The pandemic suspended many of the sanctuary’s activities, yet it increased flamingo fever. In the 2020 lockdown, residents of Navi Mumbai were stuck at home with nothing to do but look out their windows and see thousands of birds roosting at high tide. The flamingos made a particularly spectacular showing that year, arcing across suddenly clear skies, says Shruti. Photos and videos of the flamingos went viral, including on international media.

The flamingo is a useful totem for local ecology—but, as the Agarwals have found, it can also be reduced to an empty symbol. Late last year, the local municipality tagged Navi Mumbai as Flamingo City, putting up statues of the bird on streets and painting murals on walls. But local agencies haven’t put an end to development projects on wetlands. If the government saves the wetlands, says Shruti, “I’ll be the first to dress up as a flamingo and stand on the road.”

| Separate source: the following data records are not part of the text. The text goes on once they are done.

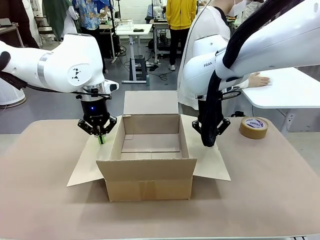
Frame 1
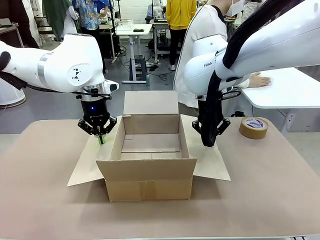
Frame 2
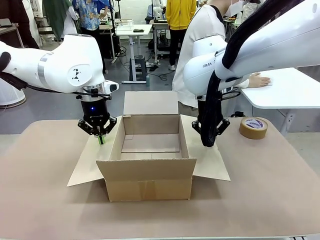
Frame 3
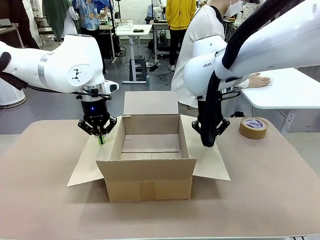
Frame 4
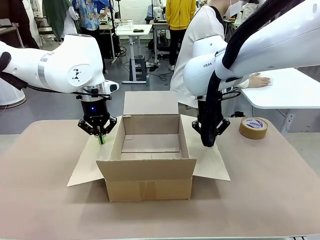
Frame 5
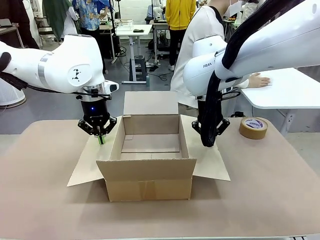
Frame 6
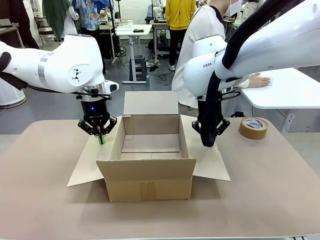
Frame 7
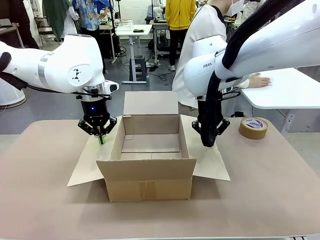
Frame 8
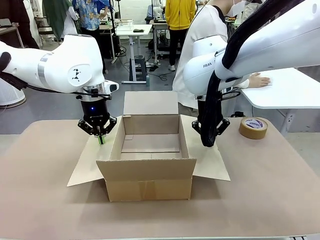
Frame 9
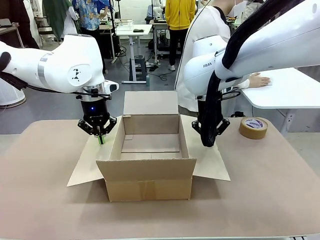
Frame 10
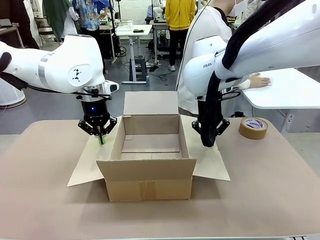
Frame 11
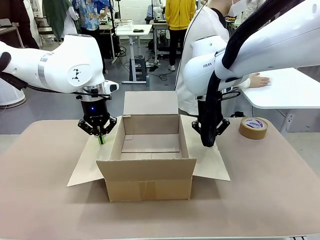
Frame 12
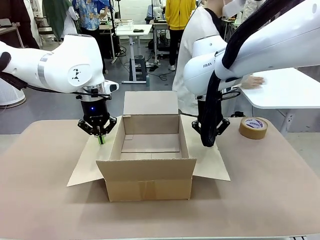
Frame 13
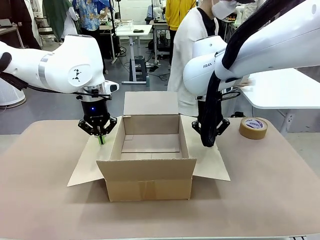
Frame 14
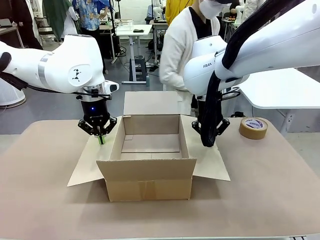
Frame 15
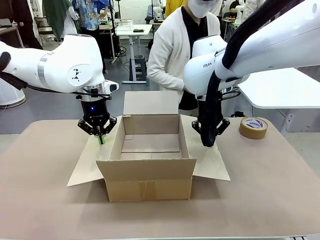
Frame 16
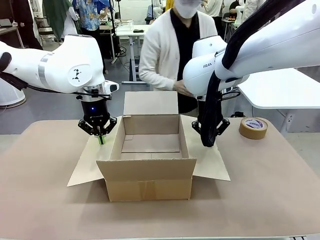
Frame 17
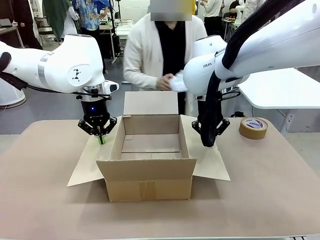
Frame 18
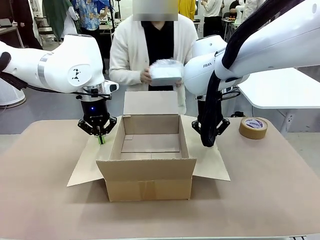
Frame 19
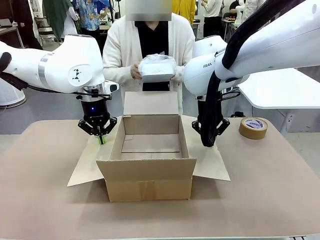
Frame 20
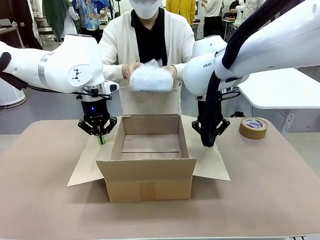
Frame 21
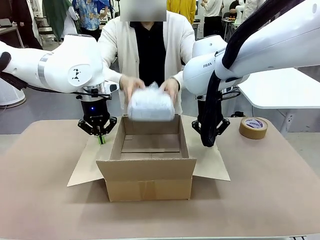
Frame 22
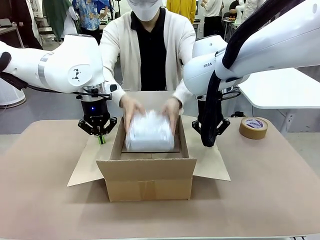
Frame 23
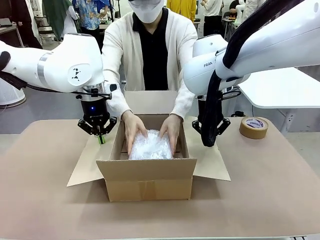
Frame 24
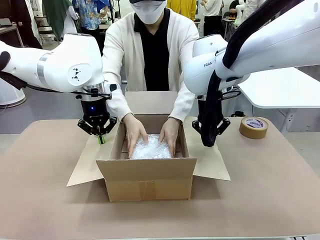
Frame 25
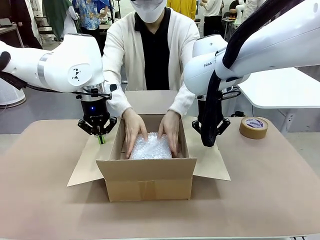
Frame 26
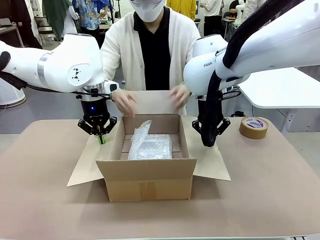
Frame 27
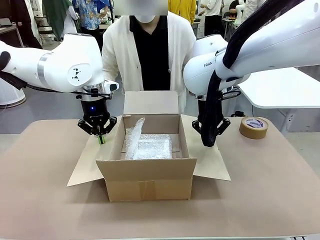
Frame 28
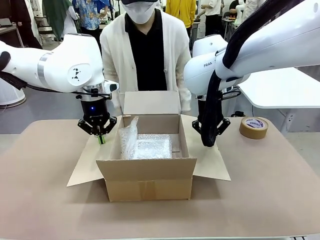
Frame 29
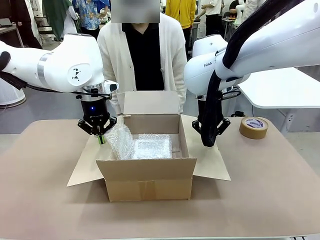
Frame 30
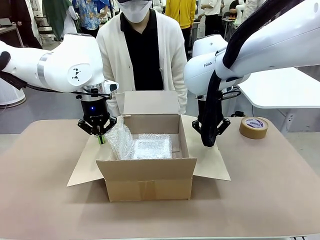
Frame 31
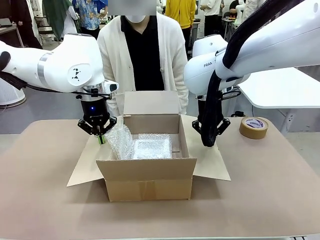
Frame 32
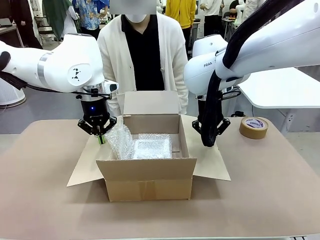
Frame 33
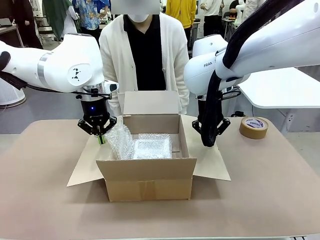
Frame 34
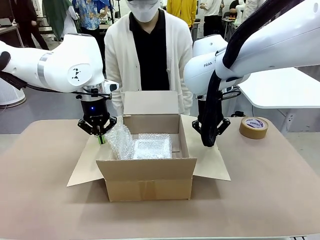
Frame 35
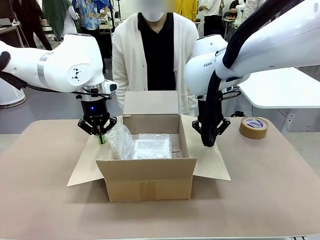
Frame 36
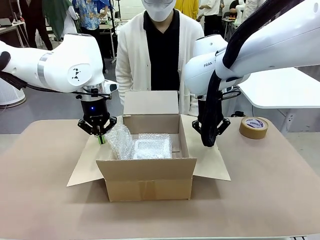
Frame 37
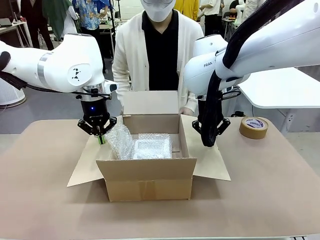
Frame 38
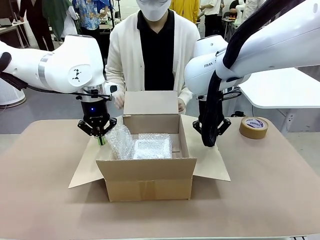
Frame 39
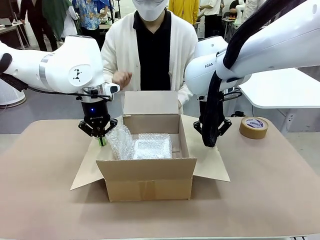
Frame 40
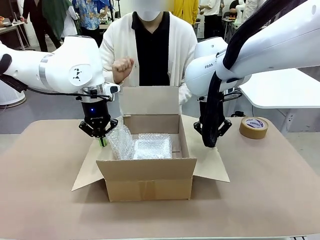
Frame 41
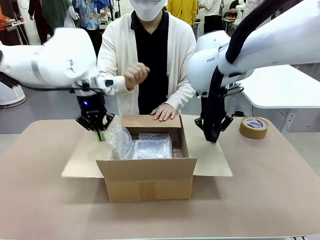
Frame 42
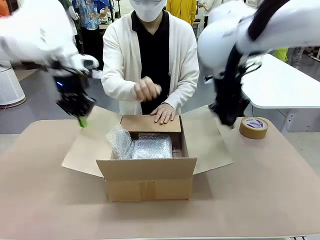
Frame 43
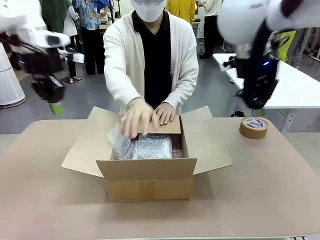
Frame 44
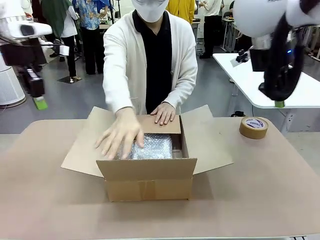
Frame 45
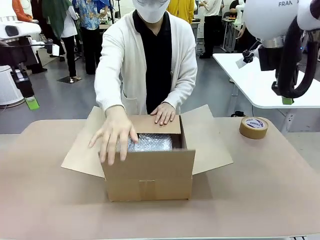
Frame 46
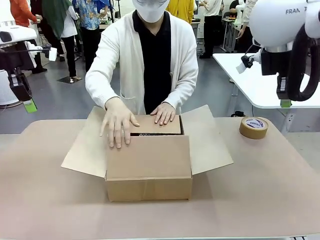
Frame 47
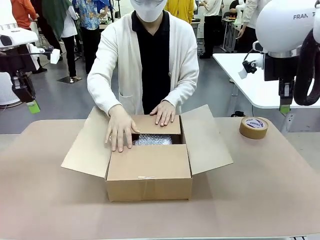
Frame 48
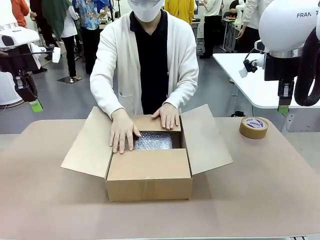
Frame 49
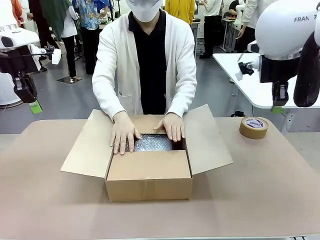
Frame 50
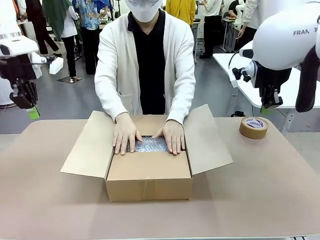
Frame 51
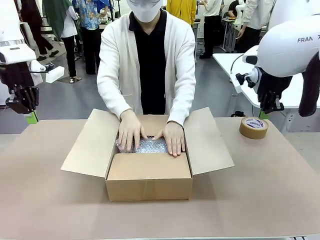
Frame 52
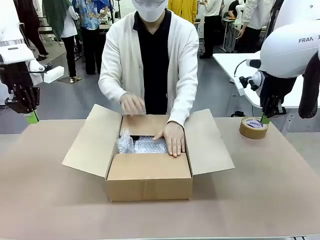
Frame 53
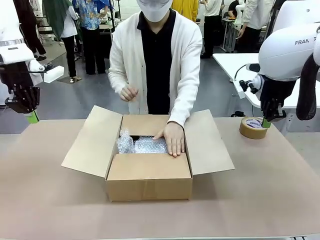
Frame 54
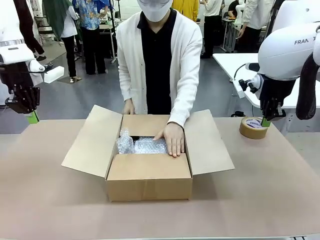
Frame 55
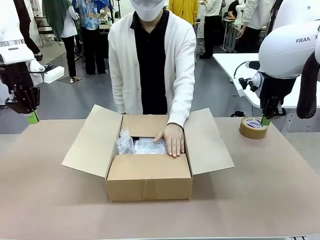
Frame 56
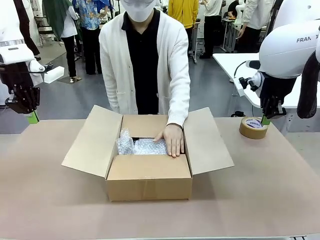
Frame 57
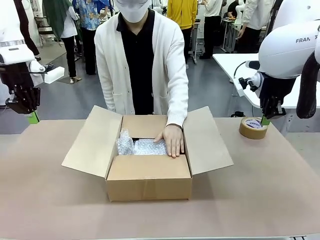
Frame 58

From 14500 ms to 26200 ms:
Task: Wrap the clocks to prevent damage.
Robot: Once the human has placed the objects inside and stepped back, release both hands from the side flaps of the Package Box.
Person: Place the wrapped Digital clocks inside the Package Box. Hold the top and bottom flaps of the Package Box closed with your left (or right) hand.

Out on the mudflats with Prabhu, the sun is overhead and the tide is rising. The flamingos are strutting back to the shoreline, slurping up food as they go. As the water streams in, so does the detritus of the city—packets of chips, beer bottles, medicine boxes, and the odd flip-flop. Prabhu packs up his scope and brings out the oar, ready to paddle against the strong pre-monsoon currents. His tally for the day: 15,000 flamingos in his transect alone. All around, flamingos are lifting off, stretching out like pink hockey sticks, to fly back to their roosts.

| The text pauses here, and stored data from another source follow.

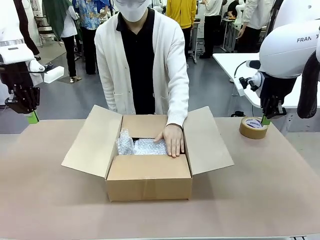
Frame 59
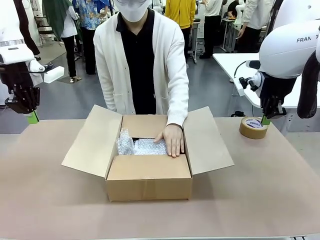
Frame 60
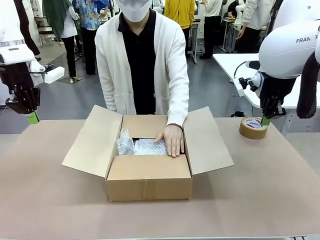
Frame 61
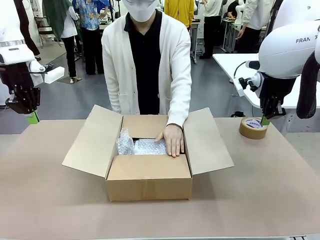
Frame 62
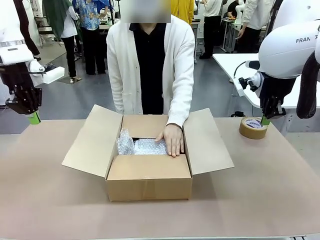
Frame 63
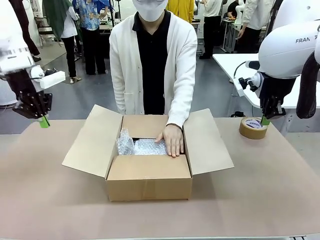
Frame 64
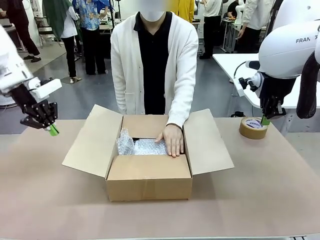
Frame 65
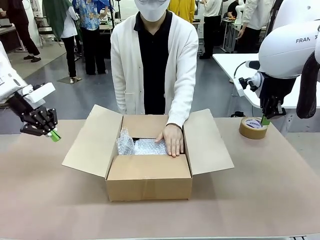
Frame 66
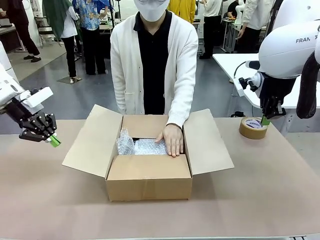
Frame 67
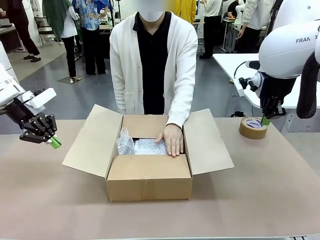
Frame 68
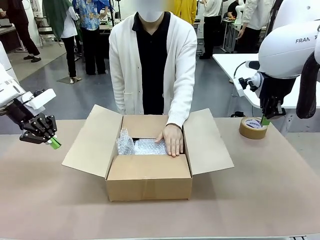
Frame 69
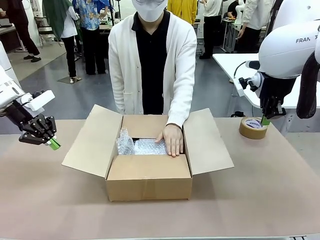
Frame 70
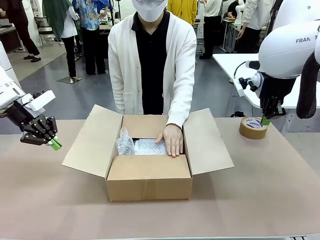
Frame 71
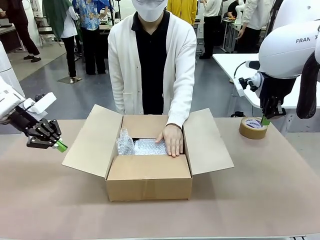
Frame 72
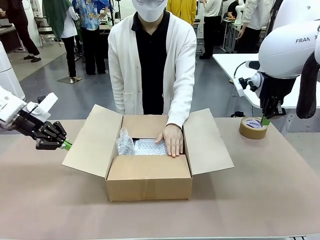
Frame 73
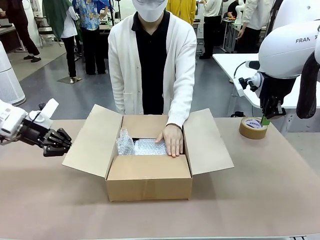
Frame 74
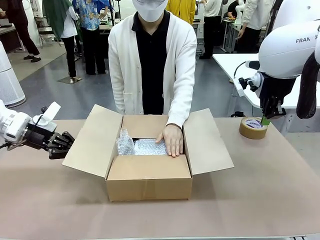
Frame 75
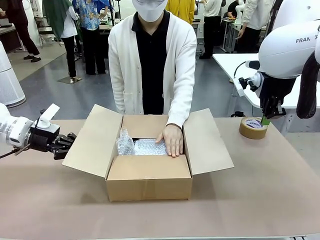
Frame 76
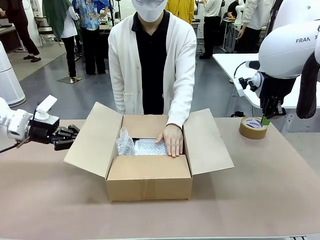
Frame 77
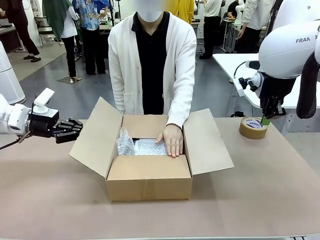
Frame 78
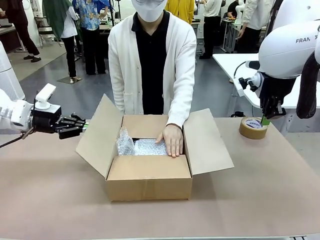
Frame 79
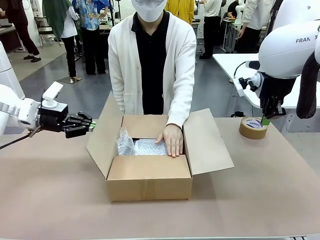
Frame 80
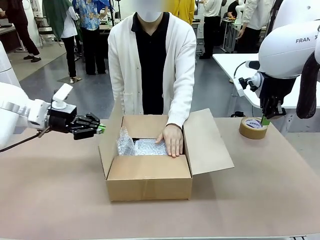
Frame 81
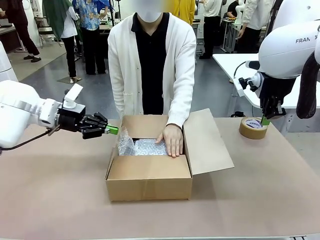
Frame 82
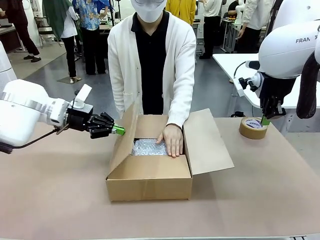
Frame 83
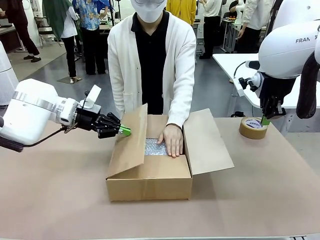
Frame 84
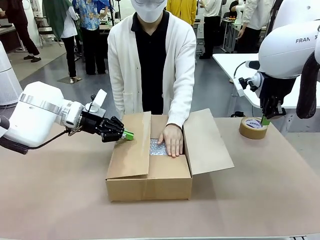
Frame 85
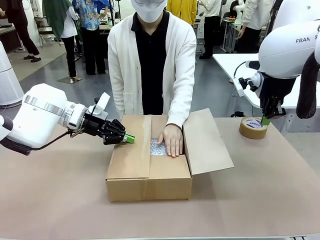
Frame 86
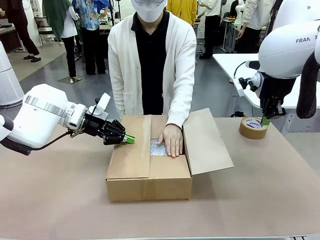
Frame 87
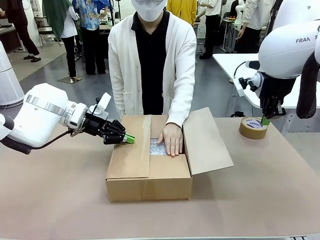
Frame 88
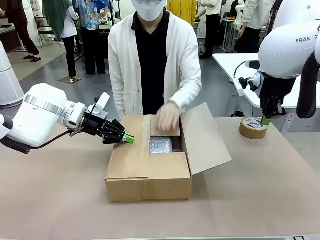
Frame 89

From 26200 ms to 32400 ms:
Robot: Push the right (or left) flap of the Package Box to close it.
Person: Once the robot closes the right flap of the Package Box , release your left hand from the box.

Mumbai’s flamingos are an accidental marvel, an inadvertent creation at the fragile intersection of the urban and natural worlds. Can the dynamic wetland habitat, with its competing human and ecological interests, sustain these birds in the years to come? The residents of this metropolis certainly hope so. For now, the flamingos offer a flash of unexpected beauty and hope amid grey skies.